Clearly we cannot define all of these  possible rules, so what does this mean when it comes to defining the rules for a 2-D CA universe? It means we must take a statistical approach and explore this universe by experiment rather than exhaustively. For example we might make a rule that states: “if exactly 5  neighbors are 1’s or exactly 8 neighbors are 0’s then the cell evolves to state 1, otherwise the cell evolves to state 0. We can try out different rules in this way and see what happens, and gradually get a feel for what rules might be more or less interesting. 

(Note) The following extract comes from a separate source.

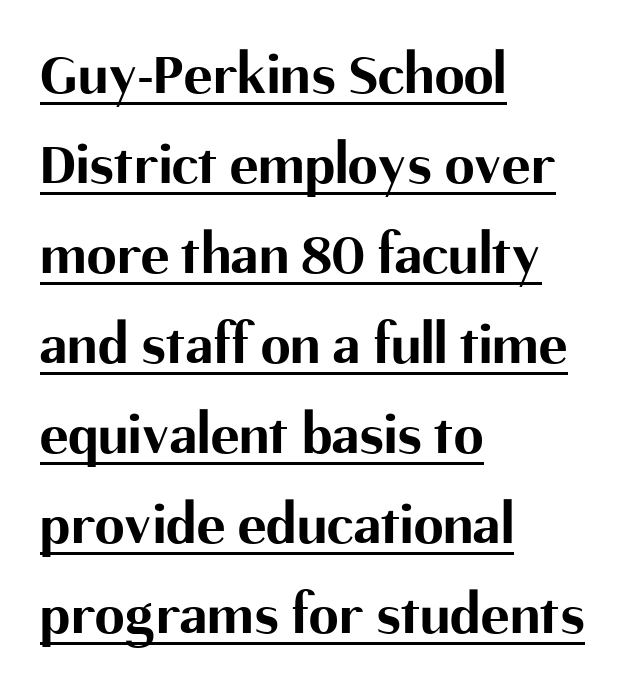
Honestly, the underline is the first thing you notice here. Students, observe: this is what conventionally led text looks like. Look at the stroke-to-counter ratio: heavy, a bold. The tracking reads as untouched default to a designer's eye. Does the type have serifs? No, each stem ends abruptly.

The Game of Life, developed by  John Conway in 1970 is a 2-D CA of 2-state cells (0 or 1), with a neighborhood of 5 (that is, four neighbors) that displays some interesting, even fascinating, behaviors.  The rules for this particular CA are as follows:

Any live cell (1) with fewer than two live neighbours dies (0), as if caused by underpopulation.
Any live cell (1) with two or three live neighbours lives on (1) to the next generation.
Any live cell (1) with more than three live neighbours dies (0), as if by overpopulation.
Any dead cell (0) with exactly three live neighbours becomes a live cell (1), as if by reproduction.
Of course we must be careful when using words like “underpopulation” and “reproduction”. These are just metaphorical terms used to consider a specific set of rules. But such language can help us to investigate interesting rule sets. It’s important to recognize that each universe that is defined by a specific rule set actually does exhibit very specific behaviors, each universe is different. Initially random states of cells evolve into certain patterns, sometimes reducing to a single state (easy to visualize as “dying”), sometimes to 2 or more oscillatings states, and so. What’s more, particular groupings of cells can develop identifiable behaviors (entities), such as an entity that “migrates” through the universe (passing from cell to cell like a virus or a message).  It is easy to make comparisons, with a virus, or a signal, or a mandala, or a living entity. These local behaviors will also be interacting with others as the CA evolves, leading to new patterns and entities which can be fascinating to watch. The potential for these behaviors is implicit in the rules of a specific universe, and a mathematician will be interested in whether such behaviors can be deducible without actually running and observing the CA. 
John Conway’s Game of Life offers an excellent example of a 2D CA. I’ve developed a version that allows you to view a number of different initial conditions and observe how they evolve over time. The Game of Life CA exhibits a number of behaviors that have been widely noted. Some cell groupings die out, some settle into unchanging patterns, some oscillate between two patterns, while others will “move” across the screen (these have been termed gliders). I have included a number of initial condition to play with, including one hat consists of just a single glider so you can identify this more easily and look for its occurrence in the more random initializations as they evolve. 
Running a 2D, you feel like an observer gazing into in an unknown world. In the language of chaos theory, you can think of the emergent behaviors that are inherent to a particular CA universe as attractors, inevitable destinations of initial cell states that reflect the inherent properties of the rules of the universe. 
And remember that here we are considering the Game of Life, which is just one universe of the millions of possible 2D 2-state 4 neighbor CAs. Of course you can code CA’s with a greater range of possible cell states, different definitions of neighborhoods, and different dimensions (3D, 4D, 5D, ..). Truly a universe of universes!